┌──

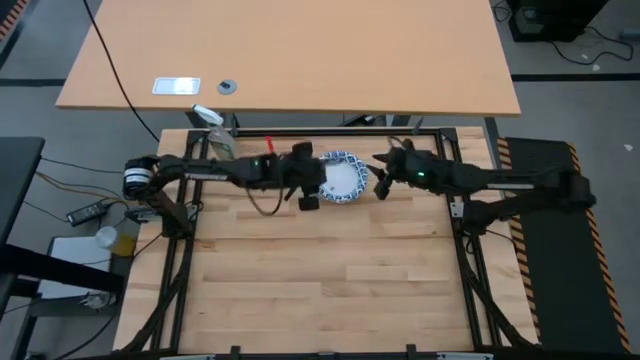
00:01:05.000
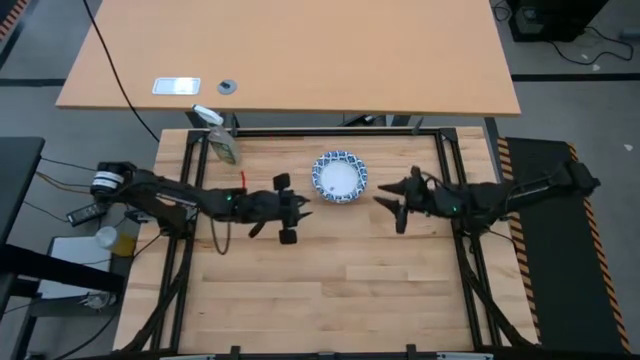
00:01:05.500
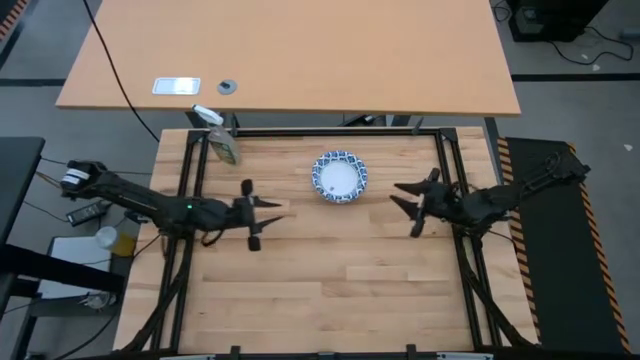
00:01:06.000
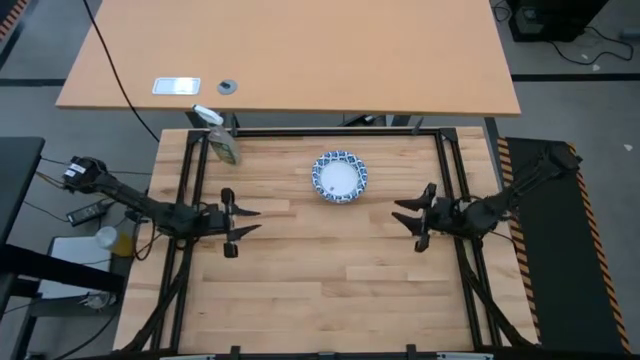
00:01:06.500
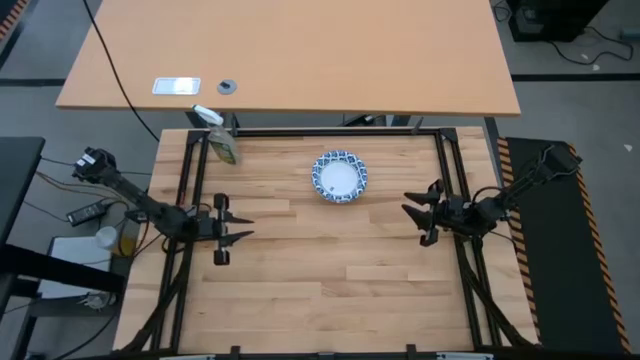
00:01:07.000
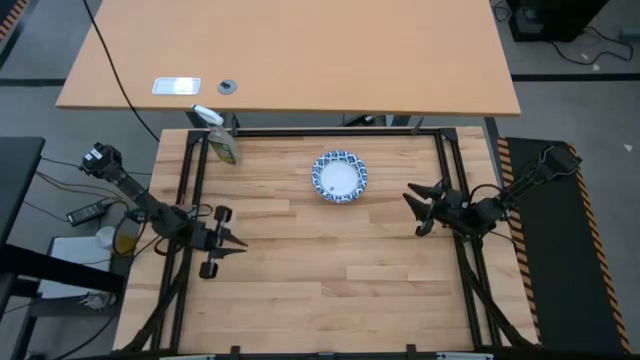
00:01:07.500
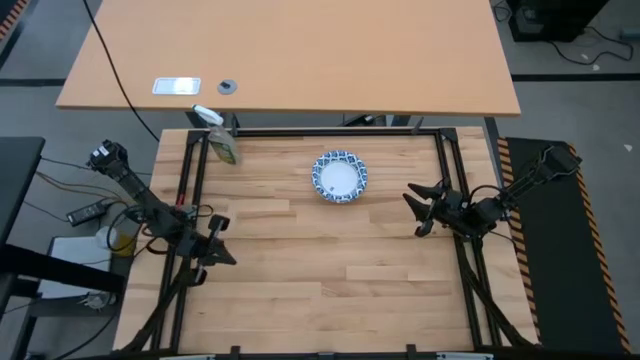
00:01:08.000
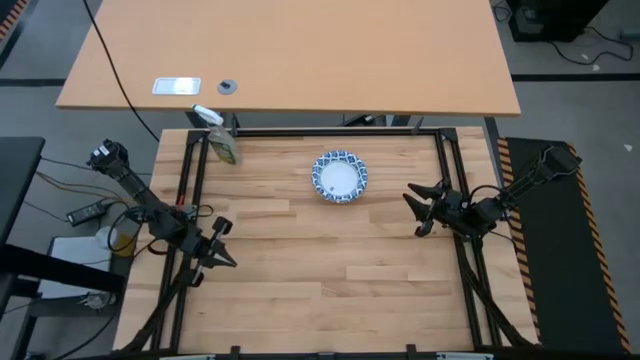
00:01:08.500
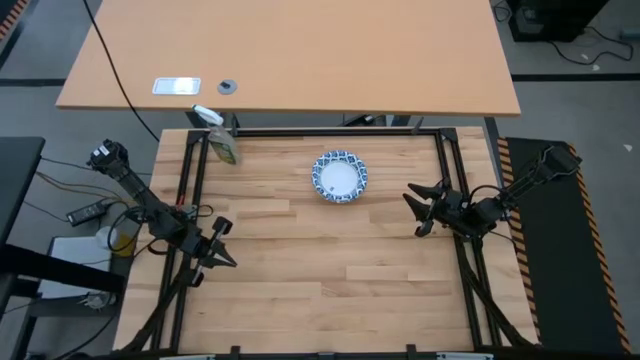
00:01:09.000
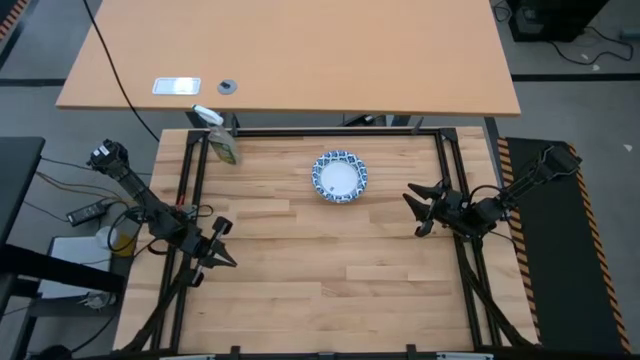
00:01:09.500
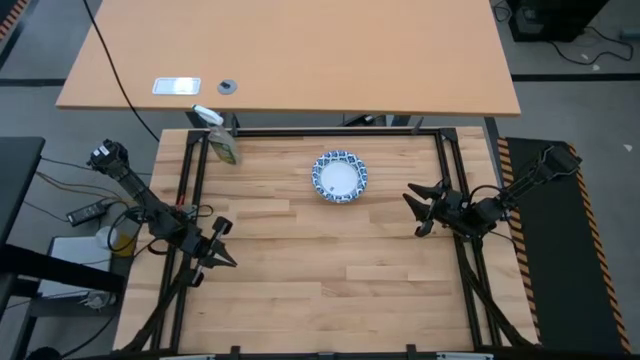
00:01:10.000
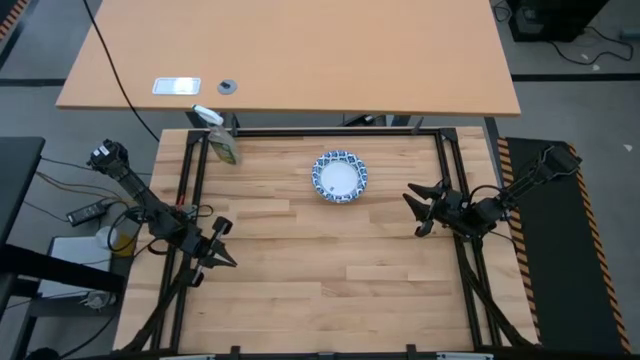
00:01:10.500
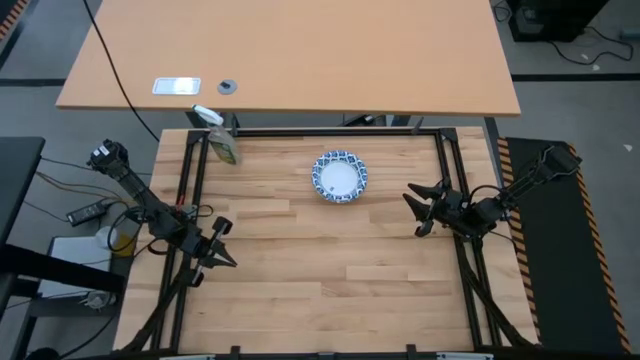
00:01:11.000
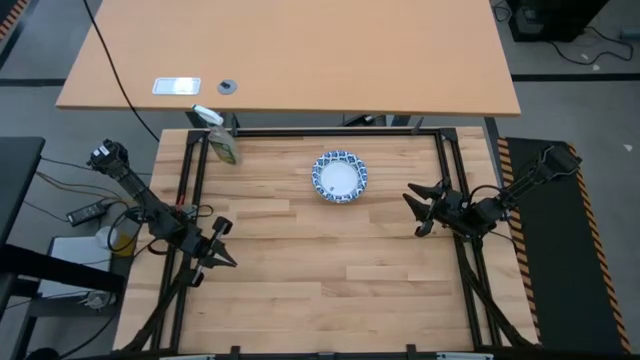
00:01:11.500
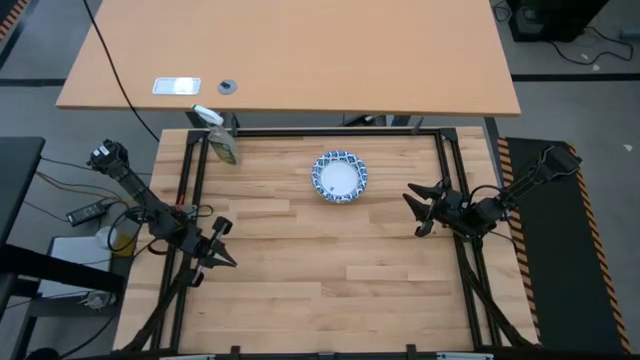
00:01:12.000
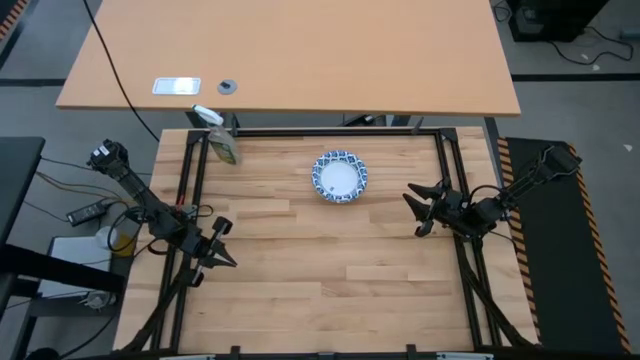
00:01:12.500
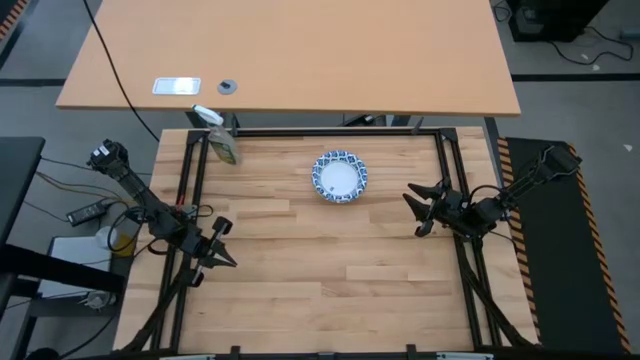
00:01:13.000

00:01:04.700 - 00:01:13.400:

└──

**Work instructions**
Reproduce every line above word for word; no images.

**Task answer**
00:01:05.000
00:01:05.500
00:01:06.000
00:01:06.500
00:01:07.000
00:01:07.500
00:01:08.000
00:01:08.500
00:01:09.000
00:01:09.500
00:01:10.000
00:01:10.500
00:01:11.000
00:01:11.500
00:01:12.000
00:01:12.500
00:01:13.000

00:01:04.700 - 00:01:13.400:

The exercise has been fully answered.